Environmental impacts of a satellite mission

For the European Space Agency (ESA), PRé and two other parties did an LCA on a satellite mission. Not only did we provide them with insight to help mitigate environmental impacts, we prepared them to do future LCAs themselves.

About

Life cycle assessments require a tremendous amount of data. For most LCAs, sustainability experts can draw from specialized databases containing information on raw materials, semi-finished products and other key inputs in the production cycle. But the more unusual and unique a product is, the more difficult it becomes to thoroughly assess its supply chain and life cycle.

PRé was recently part of a consortium asked to do an LCA on a satellite mission for the European Space Agency (ESA). As one can imagine, satellites and the vehicles that carry them into space use very few mass-produced components, making this LCA a unique and interesting project.

Challenge

The European Space Agency (ESA) is an organization gathering knowledge about the earth, its immediate space environment, our solar system and the universe. It also develops satellite-based technologies and services and promotes European industries. ESA knows how important it is to understand how their activities impact the environment and to minimize these impacts, which is why they started the Clean Space Initiative. Under this initiative, ESA requested a consortium consisting of VITO (The Flemish Institute for Technological Research), PRé Consultants and QinetiQ Space to do an LCA of a satellite mission.

The objective of the study was:

  • To develop a methodological framework for consistently modelling the life cycle of space missions and supporting decision-making at ESA
  • To allow ESA to independently perform LCA studies of its space missions in the near future
  • To identify the environmental hot spots of a space mission from a life cycle perspective

Solution

The assessment of the life cycle impacts of space missions can be very challenging. The sector uses many specialist materials and custom-made components with a low product output in relation to the overhead. LCA process databases such as Ecoinvent, commonly used in LCA studies, mainly contain data on standard mass-produced products with a high product output in relation to the overhead.

Therefore, VITO and PRé Consultants decided at the start of the project that the best option would be a hybrid LCA, using both physical and cost data. Physical data are derived from process databases, where the user can select products and processes on the basis of units such as mass or distance. Cost data can be retrieved from Environmentally Extended Input Output (EEIO or IO) databases, describing the sale and purchase relationships between economic sectors (agriculture, industry, services) within an economy and linking them to the environmental flows resulting from these activities. Monetary units such as euros or dollars express the environmental flow per economic sector.

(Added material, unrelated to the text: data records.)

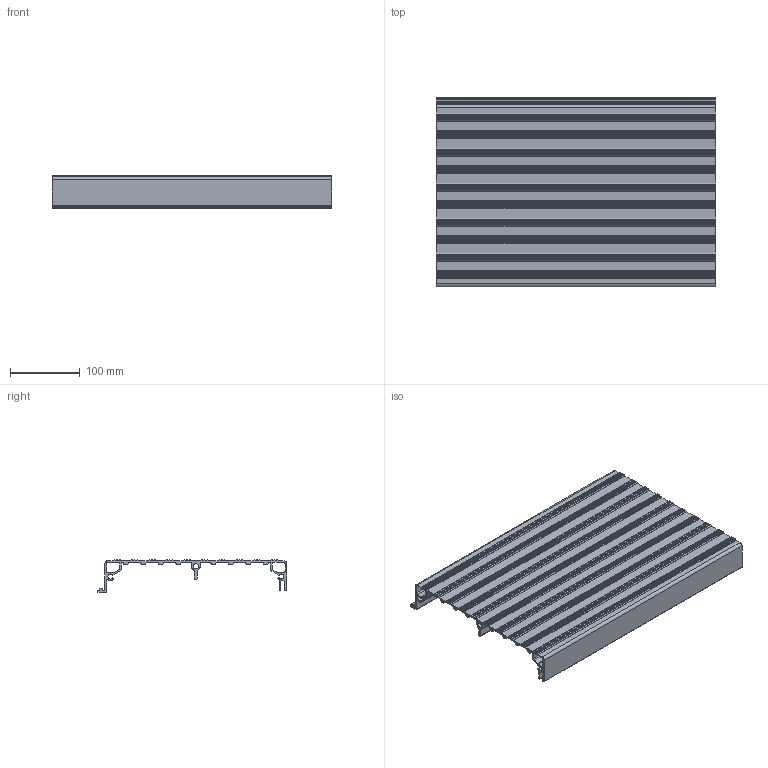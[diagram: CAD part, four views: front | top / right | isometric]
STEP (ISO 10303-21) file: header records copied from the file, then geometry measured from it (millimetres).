
FILE_DESCRIPTION(/* description */ (''),/* implementation_level */ '2;1');
FILE_NAME(/* name */ '10-940-0-400MM.stp',/* time_stamp */ '2024-11-19T08:37:36-05:00',/* author */ ('esanner'),/* organization */ (''),/* preprocessor_version */ 'ST-DEVELOPER v19',/* originating_system */ 'AutoCAD Mechanical',/* authorisation */ '');
FILE_SCHEMA (('AUTOMOTIVE_DESIGN { 1 0 10303 214 3 1 1 }'));
Length unit declared in the file: millimetre
Products named in the file (1): Product
Bounding box: 400 x 271 x 46.5 mm (x, y, z)
Volume: 594493.2 mm3; surface area: 402933.3 mm2
Topology: 1 solids, 1 shells, 303 faces, 950 edges, 649 vertices
Faces by surface type: cylinder 164, plane 139
Full cylindrical faces by diameter (mm): 7.3 x1
Entity records: 11123 total; most frequent: CARTESIAN_POINT 1979, ORIENTED_EDGE 1976, DIRECTION 1962, EDGE_CURVE 988, VERTEX_POINT 687, AXIS2_PLACEMENT_3D 670, LINE 622, VECTOR 622

The next step was to use the expertise of QinetiQ Space to gather detailed information on space projects such as materials and man-hours. Then we created a model using the different phases of a space mission: design phases (A & B), production, verification and testing phase (C & D), launch and use phase (E), and disposal phase (F). Different models were created from the process data and IO data. The final product was a database with accompanying manual.

Benefits

The two main benefits that resulted from this study are:

  • ESA now has insight into different modelling approaches and understands the different results from using process databases and IO databases.
  • ESA can use an LCA database specific to ESA’s activities and projects, containing the different models created during the project. With the accompanying manual, ESA can adapt the models and create their own models for future space missions.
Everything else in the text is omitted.